|
|
|
|
|
by ajnin
1831 days ago
|
|
My intuitive answer to that problem was to say that if we assume the captured serial numbers are randomly distributed, and the numbering starts at 1, then they will have the same average as all the numbers, so the estimate should be the average of captured serial numbers times 2. Which gives a result close to the formula used in this article, but not the same. I'm not sure where is the flaw. |
|
Your error is in stating "if we assume the captured serial numbers are randomly distributed" - you're assuming they're -uniformly- distributed. Randomly distributed != uniformly distributed.
Their method would give you 125 as a guess. It's including the known info (i.e., adding "m") to take into account the fact that they're not necessarily evenly distributed.
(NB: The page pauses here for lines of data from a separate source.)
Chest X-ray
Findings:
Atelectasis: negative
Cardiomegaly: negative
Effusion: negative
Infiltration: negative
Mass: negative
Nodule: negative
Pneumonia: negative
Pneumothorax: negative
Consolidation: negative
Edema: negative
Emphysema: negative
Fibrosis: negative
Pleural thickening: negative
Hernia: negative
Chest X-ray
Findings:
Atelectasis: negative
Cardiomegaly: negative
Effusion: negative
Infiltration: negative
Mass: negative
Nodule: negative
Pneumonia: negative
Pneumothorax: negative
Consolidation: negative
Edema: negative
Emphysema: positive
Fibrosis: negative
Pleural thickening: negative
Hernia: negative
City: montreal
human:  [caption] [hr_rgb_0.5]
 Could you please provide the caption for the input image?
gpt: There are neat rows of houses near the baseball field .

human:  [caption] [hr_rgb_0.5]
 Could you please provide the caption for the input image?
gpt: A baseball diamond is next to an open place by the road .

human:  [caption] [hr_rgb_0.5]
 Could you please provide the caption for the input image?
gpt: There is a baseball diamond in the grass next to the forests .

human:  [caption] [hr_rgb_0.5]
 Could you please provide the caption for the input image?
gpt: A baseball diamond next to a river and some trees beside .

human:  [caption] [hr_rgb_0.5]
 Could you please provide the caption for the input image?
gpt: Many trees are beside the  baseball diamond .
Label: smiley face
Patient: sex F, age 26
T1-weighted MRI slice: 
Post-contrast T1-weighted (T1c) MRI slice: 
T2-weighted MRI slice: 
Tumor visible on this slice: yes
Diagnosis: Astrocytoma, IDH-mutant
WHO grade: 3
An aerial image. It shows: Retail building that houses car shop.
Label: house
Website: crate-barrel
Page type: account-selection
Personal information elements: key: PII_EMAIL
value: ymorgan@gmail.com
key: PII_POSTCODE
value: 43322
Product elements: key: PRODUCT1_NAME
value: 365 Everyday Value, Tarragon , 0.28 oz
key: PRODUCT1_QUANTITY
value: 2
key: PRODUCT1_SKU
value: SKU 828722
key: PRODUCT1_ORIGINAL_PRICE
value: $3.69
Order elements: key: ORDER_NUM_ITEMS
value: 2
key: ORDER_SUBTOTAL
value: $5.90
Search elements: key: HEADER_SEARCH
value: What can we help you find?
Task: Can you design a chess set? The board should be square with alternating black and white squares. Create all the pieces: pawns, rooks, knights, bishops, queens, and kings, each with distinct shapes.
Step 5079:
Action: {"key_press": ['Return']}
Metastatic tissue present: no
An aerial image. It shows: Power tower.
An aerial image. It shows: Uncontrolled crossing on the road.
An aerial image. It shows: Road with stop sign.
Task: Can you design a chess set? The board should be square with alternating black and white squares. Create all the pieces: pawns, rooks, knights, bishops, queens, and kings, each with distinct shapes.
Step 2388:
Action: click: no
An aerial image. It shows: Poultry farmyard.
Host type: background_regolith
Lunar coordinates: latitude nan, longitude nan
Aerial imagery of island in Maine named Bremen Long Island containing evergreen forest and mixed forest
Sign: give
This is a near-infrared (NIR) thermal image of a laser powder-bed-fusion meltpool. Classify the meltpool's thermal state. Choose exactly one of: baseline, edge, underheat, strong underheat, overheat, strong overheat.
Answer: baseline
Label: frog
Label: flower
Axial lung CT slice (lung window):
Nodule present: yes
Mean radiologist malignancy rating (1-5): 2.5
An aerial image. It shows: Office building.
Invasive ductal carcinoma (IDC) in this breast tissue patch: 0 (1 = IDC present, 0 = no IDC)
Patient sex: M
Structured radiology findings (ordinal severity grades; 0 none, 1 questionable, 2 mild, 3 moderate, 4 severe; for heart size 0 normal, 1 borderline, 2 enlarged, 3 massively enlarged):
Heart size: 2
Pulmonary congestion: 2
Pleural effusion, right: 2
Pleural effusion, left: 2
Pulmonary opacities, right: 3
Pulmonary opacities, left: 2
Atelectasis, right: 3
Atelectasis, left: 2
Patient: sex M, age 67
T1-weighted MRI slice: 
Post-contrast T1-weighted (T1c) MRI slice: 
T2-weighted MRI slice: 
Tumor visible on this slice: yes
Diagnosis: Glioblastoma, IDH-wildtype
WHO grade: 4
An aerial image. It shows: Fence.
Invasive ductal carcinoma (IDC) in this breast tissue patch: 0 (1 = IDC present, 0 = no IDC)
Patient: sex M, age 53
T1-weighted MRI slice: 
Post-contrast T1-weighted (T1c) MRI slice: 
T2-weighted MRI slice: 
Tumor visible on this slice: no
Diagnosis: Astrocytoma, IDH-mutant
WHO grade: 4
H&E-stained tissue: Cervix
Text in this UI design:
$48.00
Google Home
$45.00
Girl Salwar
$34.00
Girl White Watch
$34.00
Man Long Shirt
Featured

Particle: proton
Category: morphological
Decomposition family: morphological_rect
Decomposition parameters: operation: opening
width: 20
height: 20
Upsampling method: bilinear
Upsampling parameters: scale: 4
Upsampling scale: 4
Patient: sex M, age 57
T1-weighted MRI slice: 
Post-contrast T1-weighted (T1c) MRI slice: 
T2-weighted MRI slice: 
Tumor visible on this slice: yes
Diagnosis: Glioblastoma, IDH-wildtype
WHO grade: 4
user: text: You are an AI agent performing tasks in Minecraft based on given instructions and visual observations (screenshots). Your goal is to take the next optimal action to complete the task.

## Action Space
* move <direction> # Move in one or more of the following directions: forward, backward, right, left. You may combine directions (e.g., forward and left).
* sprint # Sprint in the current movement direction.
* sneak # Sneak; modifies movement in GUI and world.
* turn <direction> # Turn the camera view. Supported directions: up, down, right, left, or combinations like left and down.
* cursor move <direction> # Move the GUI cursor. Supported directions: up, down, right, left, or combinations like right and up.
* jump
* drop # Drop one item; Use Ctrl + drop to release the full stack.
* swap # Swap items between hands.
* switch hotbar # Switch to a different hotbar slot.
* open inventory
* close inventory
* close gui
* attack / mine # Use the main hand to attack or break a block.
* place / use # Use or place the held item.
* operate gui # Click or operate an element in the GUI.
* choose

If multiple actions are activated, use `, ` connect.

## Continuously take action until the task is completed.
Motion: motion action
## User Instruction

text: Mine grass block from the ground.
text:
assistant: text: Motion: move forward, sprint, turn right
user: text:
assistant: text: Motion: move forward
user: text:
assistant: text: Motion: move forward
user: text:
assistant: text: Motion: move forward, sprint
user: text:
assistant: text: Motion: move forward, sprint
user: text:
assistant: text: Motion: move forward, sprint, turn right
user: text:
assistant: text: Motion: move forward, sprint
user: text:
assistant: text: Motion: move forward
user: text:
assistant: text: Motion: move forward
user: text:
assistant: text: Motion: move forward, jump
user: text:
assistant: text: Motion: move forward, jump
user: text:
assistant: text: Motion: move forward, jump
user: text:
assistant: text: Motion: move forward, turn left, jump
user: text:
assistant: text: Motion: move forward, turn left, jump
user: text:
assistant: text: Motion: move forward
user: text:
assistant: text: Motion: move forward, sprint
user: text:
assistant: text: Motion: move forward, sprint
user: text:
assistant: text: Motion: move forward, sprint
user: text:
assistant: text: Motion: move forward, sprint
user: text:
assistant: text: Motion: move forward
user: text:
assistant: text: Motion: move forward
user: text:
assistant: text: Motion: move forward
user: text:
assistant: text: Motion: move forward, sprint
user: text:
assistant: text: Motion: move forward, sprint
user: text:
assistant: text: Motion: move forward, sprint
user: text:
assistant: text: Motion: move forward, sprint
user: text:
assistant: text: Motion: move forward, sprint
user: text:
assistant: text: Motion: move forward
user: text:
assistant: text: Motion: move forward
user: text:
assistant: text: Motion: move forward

On that note, if you continued to get tanks at low numbers (3, 4, 6, etc), averaging gets -less- accurate, because that 99 becomes more and more of an outlier. Their method gets MORE accurate, again, because they're taking advantage of all data that is known (we know it goes at least to 99), and averaging doesn't. The new low numbers we've added mean that there are less likely to be many tanks, and the formula in the link takes that into account with m/k.
Both methods will be accurate if you have 100% of the data, but taking twice the average ignores known data, so the sparser the data the less likely it is to be correct.